Week 6: Exponential smoothing
What you will learn this week
- Exponential smoothing methods with trend and seasonality
- ETS models
- Automatic model selection using the AICc
Pre-seminar activities
Read Sections 8.3-8.7 of the textbook and watch all embedded videos.
Tutorial exercises
NoteTutorial Learning Objectives
- Compare alternative ETS model structures.
- Select and fit different ETS models (e.g., ETS(A,N,N) vs ETS(A,A,N)).
- Evaluate and compare their fit (e.g., RMSE).
- Interpret forecast differences and prediction intervals, and justify model choice based on empirical performance.
- Select and justify appropriate ETS models for seasonal data.
- Able to identify when multiplicative seasonality (and optional damped trend) is necessary.
- Compare multiple forecasting methods using training/test splits and cross-validation.

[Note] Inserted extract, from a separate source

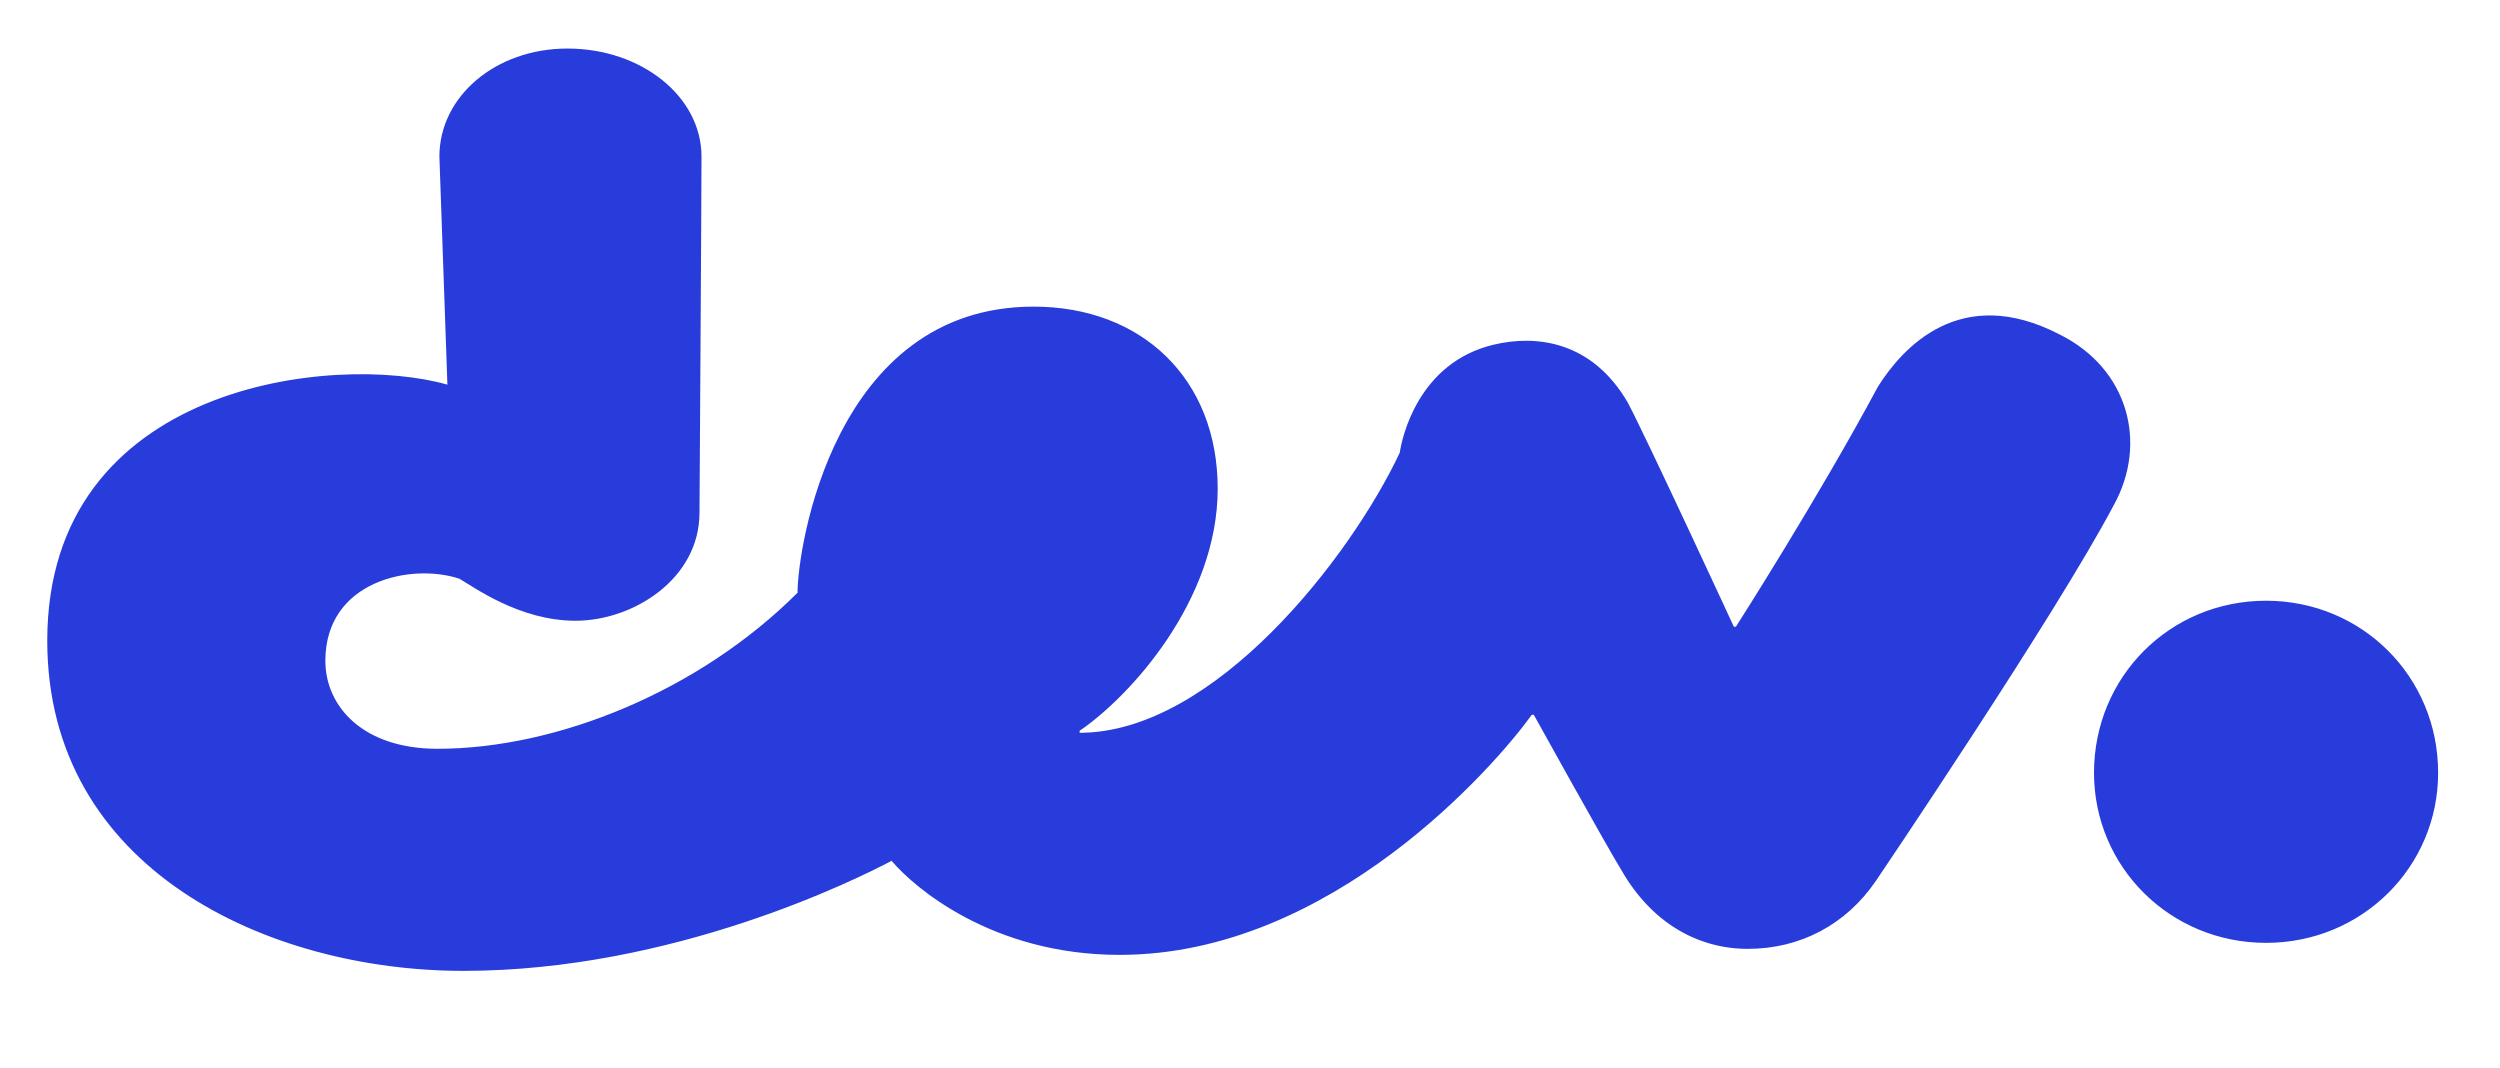 <?xml version="1.0" encoding="UTF-8"?> <svg xmlns="http://www.w3.org/2000/svg" width="103" height="44" viewBox="0 0 103 44" fill="none"><path d="M84.871 13.787C80.75 11.644 78.359 14.364 77.37 15.931C74.897 20.547 71.518 25.822 71.518 25.822H71.435C71.435 25.822 67.891 18.156 67.067 16.59C65.583 14.035 63.275 13.787 61.544 14.2C58.411 14.941 57.752 18.074 57.67 18.651C55.609 23.02 50.004 30.191 44.481 30.191V30.108C46.542 28.707 50.169 24.75 50.169 20.134C50.169 15.601 47.036 12.633 42.585 12.633C34.342 12.633 32.858 22.607 32.858 24.421C28.819 28.46 22.967 30.85 18.021 30.85C14.971 30.85 13.405 29.119 13.405 27.223C13.405 23.926 16.949 23.184 18.928 23.844C19.505 24.174 21.401 25.575 23.709 25.575C26.099 25.575 28.819 23.844 28.819 21.124C28.819 21.124 28.902 8.1 28.902 6.451C28.902 3.978 26.429 2 23.379 2C20.412 2 18.103 3.978 18.103 6.451L18.433 15.848C13.817 14.529 1.947 15.766 1.947 26.399C1.947 35.796 11.014 40 19.093 40C27.748 40 35.331 36.208 36.733 35.466C37.639 36.538 40.854 39.341 46.13 39.341C54.867 39.341 61.626 31.51 63.11 29.449H63.192C63.192 29.449 66.16 34.807 66.819 35.879C68.056 38.022 69.952 39.093 72.012 39.093C74.156 39.093 76.051 38.104 77.288 36.291C77.288 36.291 84.707 25.328 87.097 20.794C88.498 18.239 87.674 15.189 84.871 13.787ZM93.362 24.75C89.405 24.75 86.273 27.883 86.273 31.84C86.273 35.714 89.405 38.846 93.362 38.846C97.318 38.846 100.451 35.714 100.451 31.84C100.451 27.883 97.318 24.75 93.362 24.75Z" fill="#283CDC"></path></svg>

- Use training/test sets and cross-validation to fit and compare a range of methods (ETS, transformed ETS, seasonal naïve, STL + ETS).
- Evaluate ETS method and identify its limitations.
- Apply ETS model, assess forecasting quality, and recognise cases where ETS may not perform well and explain why.
- Complete Exercises 5, 7, 11, 14 from Section 8.8 of the book.